Argentina Nazi Artifacts
Members of the federal police carry a Nazi statue of an eagle above a Swastika at the Interpol headquarters in Buenos Aires. (Photo: AP)

Among the disturbing items were toys that Bullrich said would have been used to indoctrinate children and a statue of the Nazi Eagle above a swastika.

Police are trying to determine how the artifacts entered Argentina and came to be in the room hidden behind a library in the house, she said. The raid that found them was carried out on June 8.

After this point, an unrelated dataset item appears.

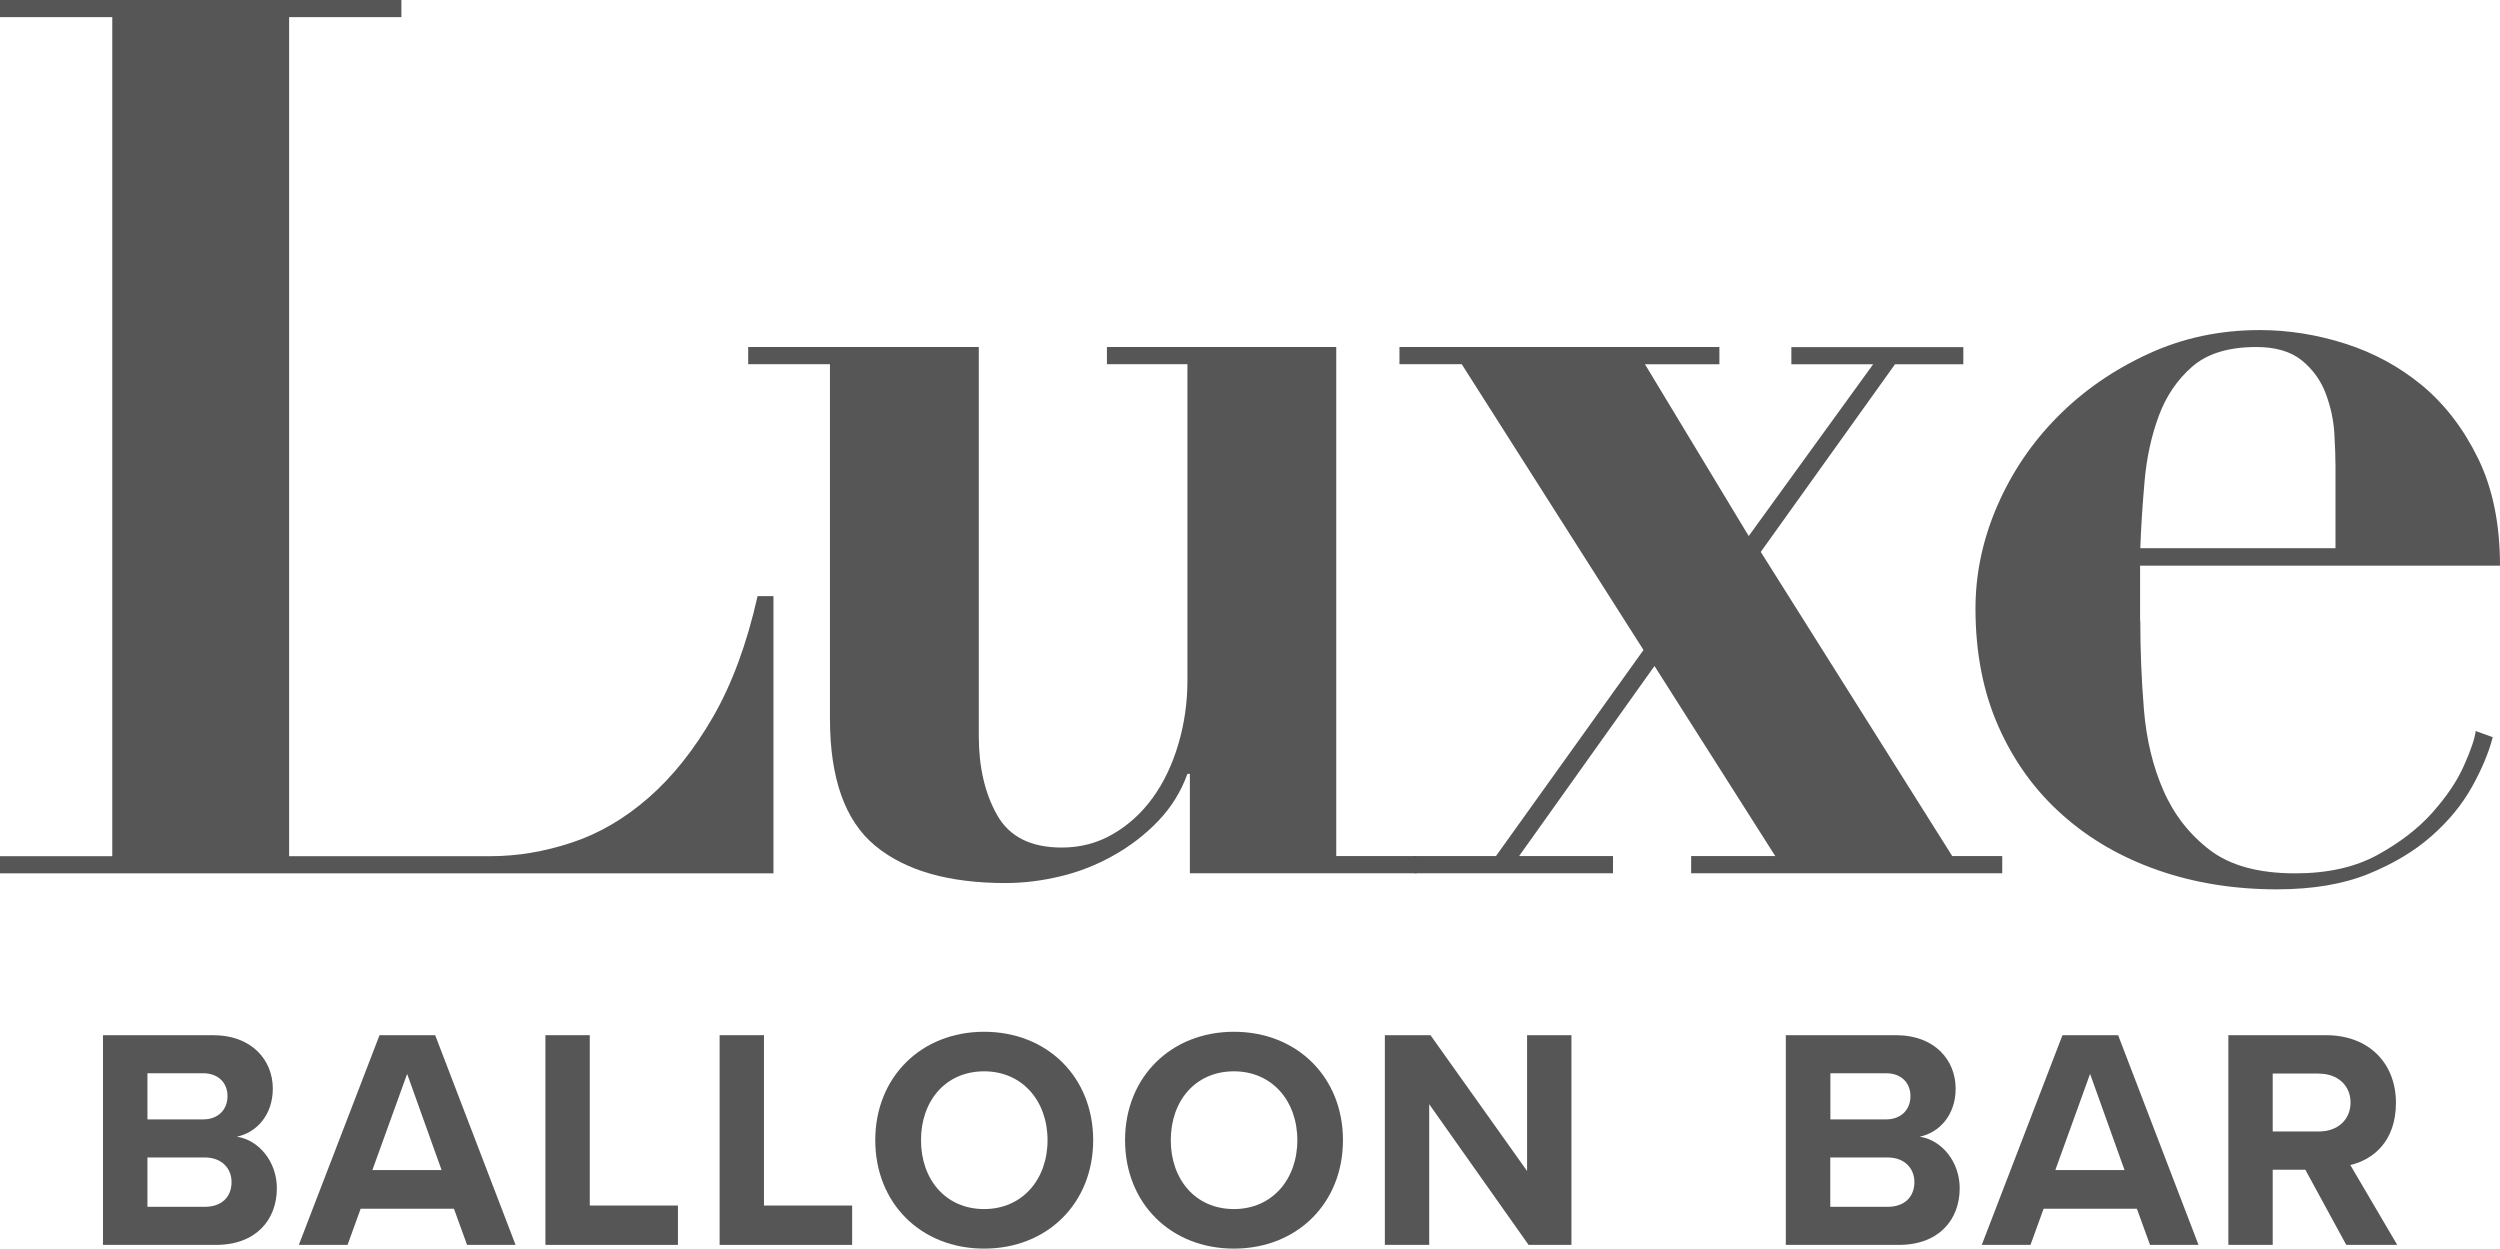<svg id="uuid-2d59c395-793f-4a01-b8f7-868550756493" xmlns="http://www.w3.org/2000/svg" viewBox="98.74 157.44 234.5 117.12"><defs><style>.uuid-a1cd636e-d933-4811-a388-93e4b2fbd6fa{fill:#565656;}</style></defs><path class="uuid-a1cd636e-d933-4811-a388-93e4b2fbd6fa" d="M136.39,157.44v1.61h-10.53v78.7h18.88c2.52,0,5.05-.42,7.61-1.27,2.56-.84,4.96-2.24,7.21-4.2,2.25-1.96,4.27-4.49,6.06-7.59,1.79-3.11,3.18-6.88,4.18-11.33h1.49v26h-72.55v-1.61h10.53v-78.7h-10.53v-1.61h37.65Z"></path><path class="uuid-a1cd636e-d933-4811-a388-93e4b2fbd6fa" d="M190.55,190v36.47c0,2.92.57,5.39,1.72,7.42,1.14,2.03,3.16,3.05,6.06,3.05,1.75,0,3.36-.42,4.81-1.27,1.45-.84,2.69-1.97,3.72-3.39,1.03-1.42,1.83-3.09,2.4-5.01.57-1.92.86-3.91.86-5.98v-29.69h-7.55v-1.61h21.51v47.75h7.55v1.61h-21.28v-9.32h-.23c-.61,1.69-1.53,3.16-2.75,4.43-1.22,1.27-2.61,2.34-4.18,3.22-1.56.88-3.22,1.54-4.98,1.96-1.76.42-3.47.63-5.15.63-5.34,0-9.42-1.17-12.24-3.51-2.82-2.34-4.23-6.31-4.23-11.91v-33.25h-7.67v-1.61h21.63Z"></path><path class="uuid-a1cd636e-d933-4811-a388-93e4b2fbd6fa" d="M260.02,190v1.61h-6.98l9.73,16.11,11.67-16.11h-7.67v-1.61h16.13v1.61h-6.41l-12.59,17.6,17.96,28.53h4.69v1.61h-29.18v-1.61h7.89l-11.33-17.83-12.7,17.83h8.81v1.61h-18.65v-1.61h7.67l13.84-19.33-17.05-26.81h-5.84v-1.61h29.98Z"></path><path class="uuid-a1cd636e-d933-4811-a388-93e4b2fbd6fa" d="M299.5,215.66c0,2.76.11,5.54.34,8.34.23,2.8.84,5.33,1.83,7.59.99,2.26,2.44,4.12,4.35,5.58,1.91,1.46,4.58,2.19,8.01,2.19,3.05,0,5.63-.58,7.72-1.73,2.1-1.15,3.81-2.47,5.15-3.97,1.33-1.5,2.33-2.97,2.97-4.43.65-1.46,1.01-2.53,1.09-3.22l1.6.58c-.38,1.46-1.03,3.01-1.95,4.66-.92,1.65-2.17,3.18-3.78,4.6-1.6,1.42-3.59,2.61-5.95,3.57-2.37.96-5.23,1.44-8.58,1.44-3.97,0-7.67-.59-11.1-1.78-3.43-1.19-6.43-2.91-8.98-5.18-2.56-2.26-4.56-5.02-6.01-8.28-1.45-3.26-2.17-6.96-2.17-11.1,0-3.3.69-6.52,2.06-9.67,1.37-3.14,3.26-5.93,5.66-8.34,2.4-2.42,5.22-4.37,8.47-5.87,3.24-1.5,6.73-2.24,10.47-2.24,2.67,0,5.34.42,8.01,1.27,2.67.85,5.07,2.15,7.21,3.91,2.13,1.77,3.89,4.05,5.26,6.85,1.37,2.8,2.06,6.16,2.06,10.07h-33.76v5.18ZM317.81,201.16c0-.84-.04-1.88-.11-3.11-.08-1.23-.34-2.45-.8-3.68-.46-1.23-1.2-2.26-2.23-3.11-1.03-.84-2.46-1.27-4.29-1.27-2.59,0-4.6.61-6.01,1.84-1.41,1.23-2.46,2.78-3.15,4.66-.69,1.88-1.13,3.91-1.32,6.1-.19,2.19-.33,4.28-.4,6.27h18.31v-7.71Z"></path><path class="uuid-a1cd636e-d933-4811-a388-93e4b2fbd6fa" d="M108.41,254.54h10.29c3.72,0,5.63,2.39,5.63,5.01,0,2.48-1.53,4.13-3.37,4.51,2.08.32,3.75,2.36,3.75,4.84,0,2.95-1.96,5.31-5.69,5.31h-10.62v-19.67ZM117.79,262.44c1.41,0,2.29-.91,2.29-2.18s-.88-2.15-2.29-2.15h-5.22v4.33h5.22ZM117.94,270.64c1.58,0,2.52-.91,2.52-2.33,0-1.24-.88-2.3-2.52-2.3h-5.37v4.63h5.37Z"></path><path class="uuid-a1cd636e-d933-4811-a388-93e4b2fbd6fa" d="M141.31,270.82h-8.74l-1.23,3.39h-4.57l7.57-19.67h5.22l7.54,19.67h-4.55l-1.23-3.39ZM133.68,267.19h6.48l-3.23-9.02-3.26,9.02Z"></path><path class="uuid-a1cd636e-d933-4811-a388-93e4b2fbd6fa" d="M149.9,254.54h4.16v15.98h8.27v3.69h-12.43v-19.67Z"></path><path class="uuid-a1cd636e-d933-4811-a388-93e4b2fbd6fa" d="M166.24,254.54h4.16v15.98h8.27v3.69h-12.43v-19.67Z"></path><path class="uuid-a1cd636e-d933-4811-a388-93e4b2fbd6fa" d="M191.05,254.22c5.92,0,10.23,4.25,10.23,10.17s-4.31,10.17-10.23,10.17-10.21-4.25-10.21-10.17,4.31-10.17,10.21-10.17ZM191.05,257.93c-3.61,0-5.92,2.77-5.92,6.46s2.32,6.46,5.92,6.46,5.95-2.8,5.95-6.46-2.35-6.46-5.95-6.46Z"></path><path class="uuid-a1cd636e-d933-4811-a388-93e4b2fbd6fa" d="M214.48,254.22c5.92,0,10.23,4.25,10.23,10.17s-4.31,10.17-10.23,10.17-10.21-4.25-10.21-10.17,4.31-10.17,10.21-10.17ZM214.48,257.93c-3.61,0-5.92,2.77-5.92,6.46s2.32,6.46,5.92,6.46,5.95-2.8,5.95-6.46-2.35-6.46-5.95-6.46Z"></path><path class="uuid-a1cd636e-d933-4811-a388-93e4b2fbd6fa" d="M232.8,261v13.21h-4.16v-19.67h4.28l9.06,12.74v-12.74h4.16v19.67h-4.02l-9.33-13.21Z"></path><path class="uuid-a1cd636e-d933-4811-a388-93e4b2fbd6fa" d="M266.26,254.54h10.29c3.73,0,5.63,2.39,5.63,5.01,0,2.48-1.53,4.13-3.37,4.51,2.08.32,3.75,2.36,3.75,4.84,0,2.95-1.96,5.31-5.69,5.31h-10.62v-19.67ZM275.65,262.44c1.41,0,2.29-.91,2.29-2.18s-.88-2.15-2.29-2.15h-5.22v4.33h5.22ZM275.79,270.64c1.58,0,2.52-.91,2.52-2.33,0-1.24-.88-2.3-2.52-2.3h-5.37v4.63h5.37Z"></path><path class="uuid-a1cd636e-d933-4811-a388-93e4b2fbd6fa" d="M299.17,270.82h-8.74l-1.23,3.39h-4.57l7.57-19.67h5.22l7.54,19.67h-4.55l-1.23-3.39ZM291.54,267.19h6.48l-3.23-9.02-3.26,9.02Z"></path><path class="uuid-a1cd636e-d933-4811-a388-93e4b2fbd6fa" d="M314.97,267.16h-3.05v7.05h-4.16v-19.67h9.15c4.08,0,6.57,2.68,6.57,6.34s-2.17,5.34-4.28,5.84l4.4,7.49h-4.78l-3.84-7.05ZM316.29,258.14h-4.37v5.43h4.37c1.67,0,2.93-1.06,2.93-2.71s-1.26-2.71-2.93-2.71Z"></path></svg>

The main hypothesis among investigators and member of Argentina's Jewish community is that they were brought to Argentina by a high-ranking Nazi or Nazis after World War II, when the South American country became a refuge for fleeing war criminals, including some of the best known.

As leading members of Hitler's Third Reich were put on trial for war crimes, Josef Mengele fled to Argentina and lived in Buenos Aires for a decade. He moved to Paraguay after Israeli Mossad agents captured Holocaust mastermind Adolf Eichmann, who was also living in Buenos Aires. Mengele later died in Brazil in 1979 while swimming in a beach in the town of Bertioga.

While police in Argentina did not name any high-ranking Nazis to whom the objects might have originally belonged, Bullrich noted there were medical devices.

"There are objects to measure heads that was the logic of the Aryan race," she said.